Вокруг твари были разбросаны изуродованные трупы, которые онa разрывалa на части в каком-то маниакальном безумии.

Вонь оскверненной падали была безошибочной... Но от самой твари исходил еще более неприятный запах, едкий и почти зловонный, как от яблок, сгнивших до состояния кислого сидра.

Стрелковое отделение вышло вперед и просто стояло там, не уверенное, что они видят или что им следует с этим делать.

- ЧЕРТ ВАС ПОБЕРИ, СТРЕЛЯЙТЕ! - крикнул старший сержант.

Монстр поднялся на задние лапы и оказался выше человеческого роста, какое-то огромное собачье существо, рычащее и скулящее. В тот момент, когда люди открыли огонь и пули из "Энфилдов" вонзились в него, Крил увидел больше, чем хотел... вспышки выстрелов навсегда запечатлелись в его сознании.

У него были две желеобразные головы, метавшиеся взад-вперед на морщинистых шеях, с фиолетовыми прожилками, с сочными, опухшими глазами, похожими на гниющие сливы, и оскаленными пастями, усаженными шипастыми зубами, которые выступали из отвисших десен под сумасшедшими углами. Все это было достаточно ужасающе, но что действительно вызывало в нем отвращение, что наполняло ползучим физическим отвращением, так это тот факт, что из его шкуры торчали безволосые головы восьми или десяти щенков, словно опухолевые наросты. Они были слепыми, почти эмбриональными, но ужасно живыми и дико одушевленными, рты открывались и закрывались, а из них доносилось что-то вроде писклявого мяуканья.

При виде этого он упал на задницу, и он лишь смутно помнил, как Бёрк оттаскивал его, и крики солдат, и выстрелы "Энфилдов", и того сержанта-майора, крикнувшего: ЛОЖИТЕСЬ! ВНИЗ! - когда он выдернул чеку из гранаты и бросил ее в то существо. Раздался оглушительный взрыв, и огненные осколки полетели вниз вместе с дымящимися кусками оскверненных трупов.

Офицеры хотели, чтобы люди вернулись, но Крил пробрался туда, чтобы посмотреть, прежде чем они остановили его. Один из солдат направил на него луч прожектора. Монстр был в значительной степени разорван на куски, но в одной тлеющей оболочке осталось достаточно, чтобы он смог увидеть то, что ему нужно было увидеть.

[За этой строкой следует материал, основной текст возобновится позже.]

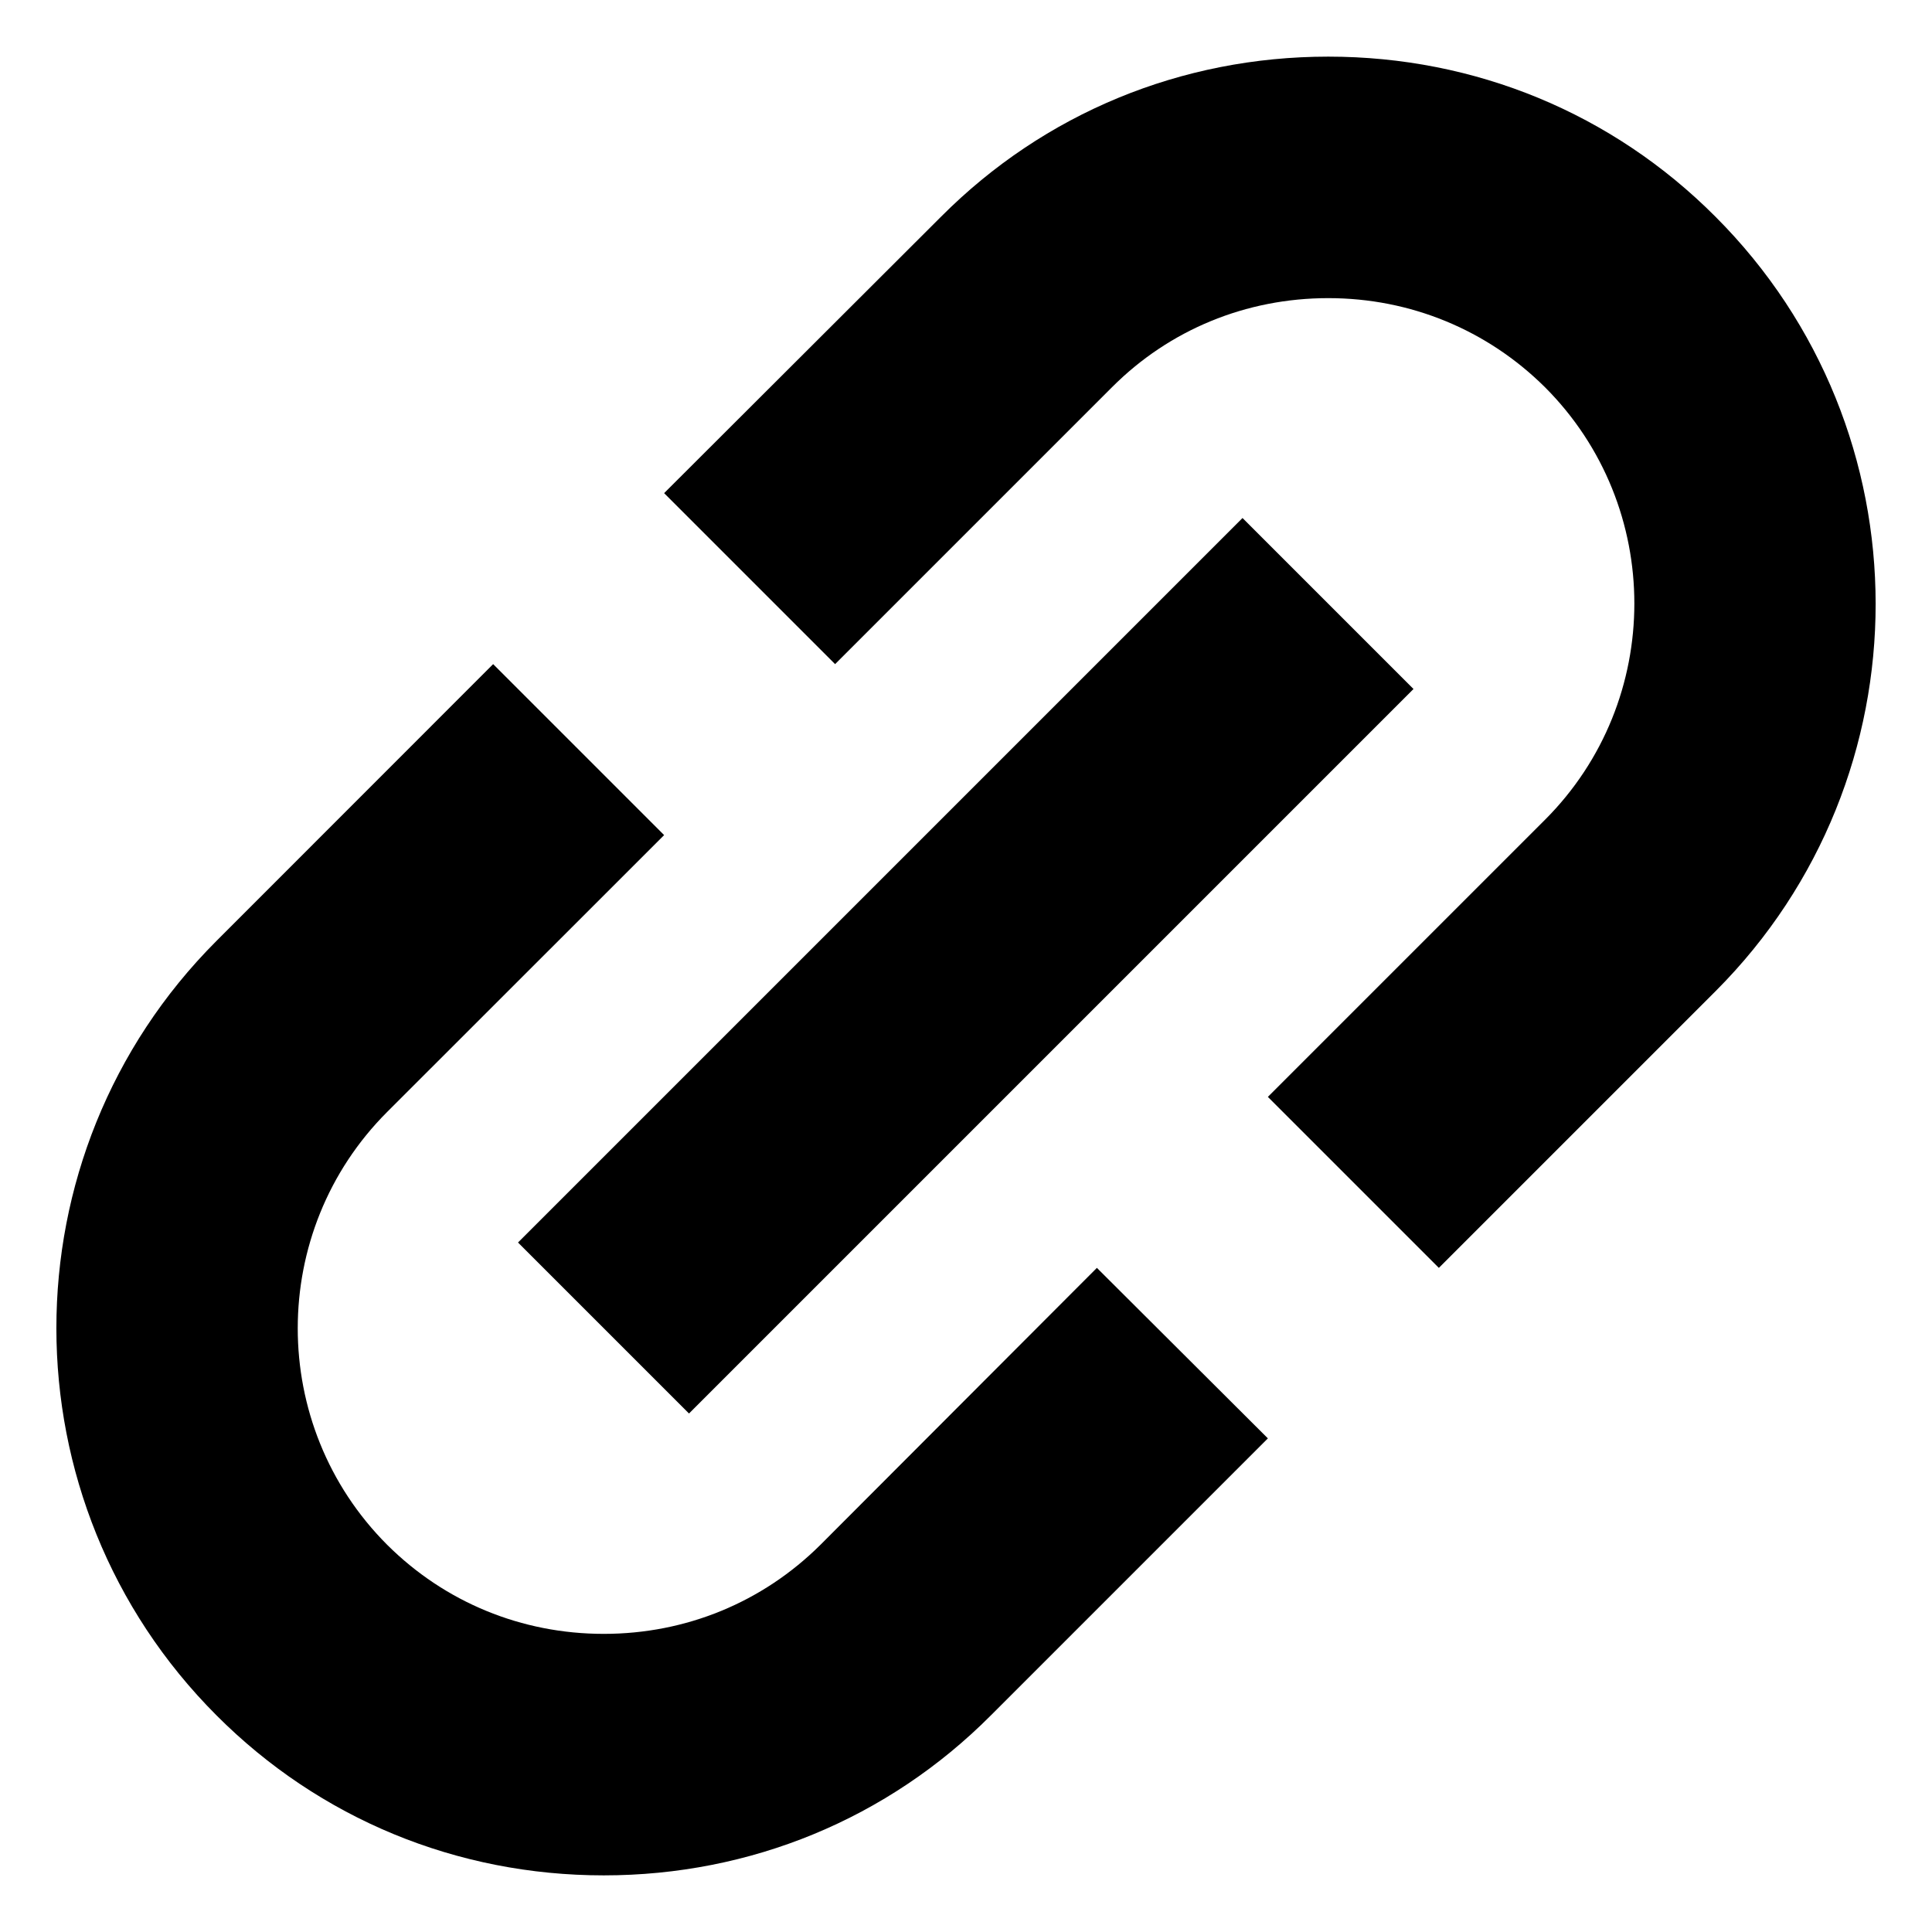<?xml version="1.0" encoding="utf-8"?>
<!-- Скачано с сайта svg4.ru / Downloaded from svg4.ru -->
<svg width="800px" height="800px" viewBox="0 0 16 16" version="1.1" xmlns="http://www.w3.org/2000/svg" xmlns:xlink="http://www.w3.org/1999/xlink">
  <rect width="16" height="16" id="icon-bound" fill="none" />
  <path d="M6.794,12.794C6.316,13.269,5.681,13.531,5,13.531s-1.316-0.262-1.794-0.738c-0.987-0.988-0.987-2.597,0-3.584L5.5,6.916 L4.084,5.5L1.791,7.794c-1.766,1.769-1.766,4.644,0.003,6.413C2.647,15.062,3.784,15.531,5,15.531s2.353-0.469,3.206-1.325 l2.294-2.294L9.084,10.5L6.794,12.794z M14.206,1.794C13.353,0.938,12.216,0.469,11,0.469S8.647,0.938,7.794,1.794L5.5,4.084 L6.916,5.5l2.294-2.294C9.684,2.731,10.319,2.469,11,2.469s1.316,0.263,1.794,0.737c0.988,0.987,0.988,2.597,0,3.584L10.5,9.084 l1.416,1.416l2.294-2.294C15.975,6.438,15.975,3.562,14.206,1.794z M11.706,5.706l-1.416-1.416l-6,6l1.416,1.416L11.706,5.706z" />
</svg>

Он не был уверен, но головы этих щенков были явно пришиты на место.

- Камера? - спросил он. - У кого-нибудь есть фотоаппарат?

Ответа не последовало, и это было потому, что сержант-майор бросил на солдат злобный взгляд, бросая им вызов его могуществу и власти.

- Немедленно убирайтесь оттуда! - крикнул он, когда худощавый молодой военный хирург вышел вперед, чтобы осмотреть останки. - Пропустите доктора Гамильтона!

И что больше всего поразило Крила, так это то, что Гамильтон, казалось, не удивился тому, что он увидел. Шокирован – да, испытывал отвращение – конечно. Но, удивлен? Нет, казалось, он ожидал этого.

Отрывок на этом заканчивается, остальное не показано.